Question

With the help of ray diagram, show the formation of image of a point object by refraction of light at a spherical surface separating two media of refractive indices n₁and n₂ (n₂ > n₁) respectively. Using this diagram, derive the relation.

$\frac{n_{2}}{v} - \frac{n_{1}}{u} = \frac{n_{2} - n_{1}}{R}$

What happens to the focal length of convex lens when it is immersed in water?

Solution

(i) In the ray diagram below, AMB is a convex surface separating two media of refractive indices n₁ and n₂ (n₂> n₁). Consider a point object O placed on the principal axis.

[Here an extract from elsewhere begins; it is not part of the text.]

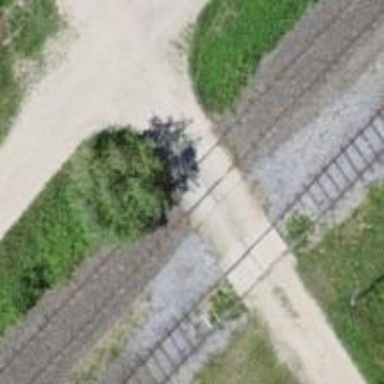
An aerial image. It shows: Crossing for the railway.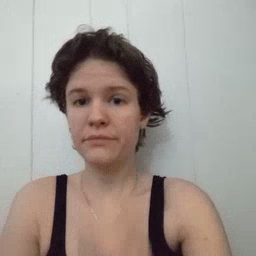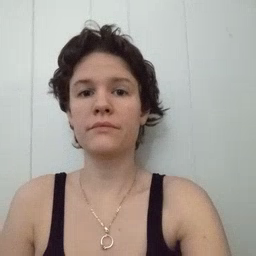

A ray ON is incident at N and refracts along NI. The ray along ON goes straight and meets the previous ray at I. Thus, I is the real image of O.

From Snell's law,

n_{2} = \frac{\sin i}{\sin r}

n_{1} \sin i = n_{2} \sin r \frac{n_{2}}{n_{1}} = \frac{\sin i}{\sin r}

\Rightarrow

n_{1} i = n_{2} r

∆ NOC,

i = α + γ

∆ NIC,

γ = r - β

r = γ - β

∴

n_{1} (α + γ) = n_{2} (γ - β)

i.e.,

n_{1} α + n_{2} β = (n_{2} - n_{1}) γ

But,

α ≅ \tan α = \frac{NP}{OP} = \frac{NP}{OM}

[P is close to M]

β ≅ \tan β = \frac{NP}{PI} = \frac{NP}{MI}

γ ≅ \tan γ = \frac{NP}{PC} = \frac{NP}{MC}

∴

n_{1} . \frac{NP}{OM} + n_{2} . \frac{NP}{MI} = (n_{2} - n_{1}) \frac{NP}{MC}

\Rightarrow

\frac{n_{1}}{OM} + \frac{n_{2}}{MI} = \frac{n_{2} - n_{1}}{MC}

Now, using Cartesian sign convention,

OM = - u, MI = + v, MC = + R

∴

\frac{n_{1}}{- u} + \frac{n_{2}}{v} = \frac{n_{2} - n_{1}}{R}

\Rightarrow

\frac{n_{2}}{v} - \frac{n_{1}}{u} = \frac{n_{2} - n_{1}}{R}

The lens makers formula gives us the relationship,

\frac{1}{f} = (μ - 1) (\frac{1}{R_{1}} - \frac{1}{R_{2}})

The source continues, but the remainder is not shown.